● **What this task involves**
Retype all of the data word for word, without pictures.

● **Dataset content**
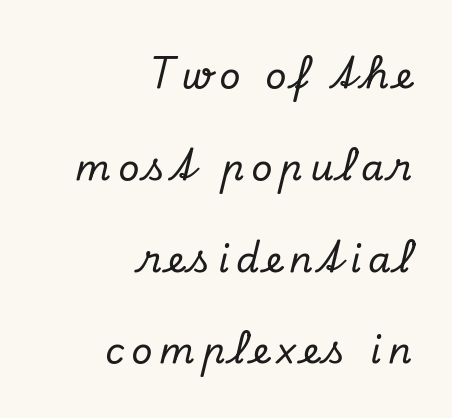
The image shows 37 px serif type, italic (leaning right); set right-aligned, loose line spacing (2.48x), not underlined; low stroke contrast and a small x-height.
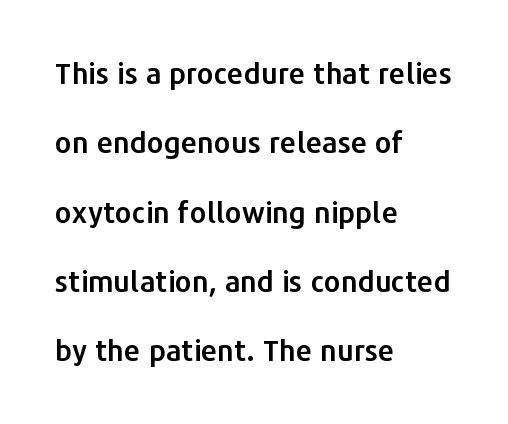
{"serif": "no", "italic": "no", "width": "normal", "stroke_contrast": "low", "x_height": "medium", "monospaced": "no", "underline": "no", "align": "left", "line_spacing": "loose", "line_spacing_ratio": 2.39, "letter_spacing": "normal", "letter_spacing_em": 0.0, "glyph_px": 29}
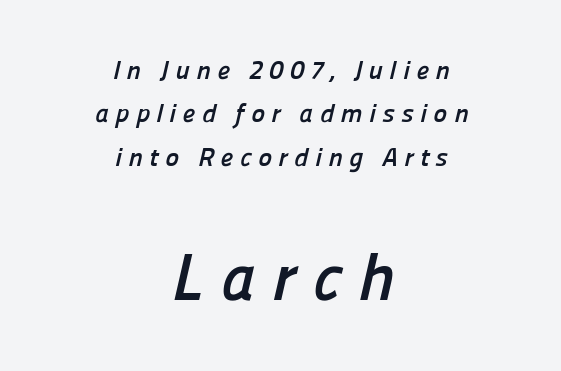
The passage shown stacks its lines at a standard gap. The letters advance in unequal steps, a hallmark of proportional type. Rule under the text: the space is simply empty. Emphasis by weight is at full strength: bold. The rendering positions every line midway between the sides.
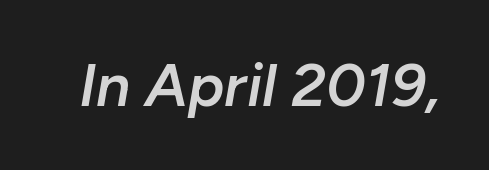
{"italic": "yes", "lean": "right", "slant_degrees": 10, "bold": "semi", "weight": "semibold", "width": "normal", "stroke_contrast": "low", "x_height": "medium", "monospaced": "no", "underline": "no", "letter_spacing": "normal", "letter_spacing_em": 0.0, "glyph_px": 61}

● **Exercise result**
The image shows 37 px serif type, italic (leaning right); set right-aligned, loose line spacing (2.48x), not underlined; low stroke contrast and a small x-height.
{"serif": "no", "italic": "no", "width": "normal", "stroke_contrast": "low", "x_height": "medium", "monospaced": "no", "underline": "no", "align": "left", "line_spacing": "loose", "line_spacing_ratio": 2.39, "letter_spacing": "normal", "letter_spacing_em": 0.0, "glyph_px": 29}
The passage shown stacks its lines at a standard gap. The letters advance in unequal steps, a hallmark of proportional type. Rule under the text: the space is simply empty. Emphasis by weight is at full strength: bold. The rendering positions every line midway between the sides.
{"italic": "yes", "lean": "right", "slant_degrees": 10, "bold": "semi", "weight": "semibold", "width": "normal", "stroke_contrast": "low", "x_height": "medium", "monospaced": "no", "underline": "no", "letter_spacing": "normal", "letter_spacing_em": 0.0, "glyph_px": 61}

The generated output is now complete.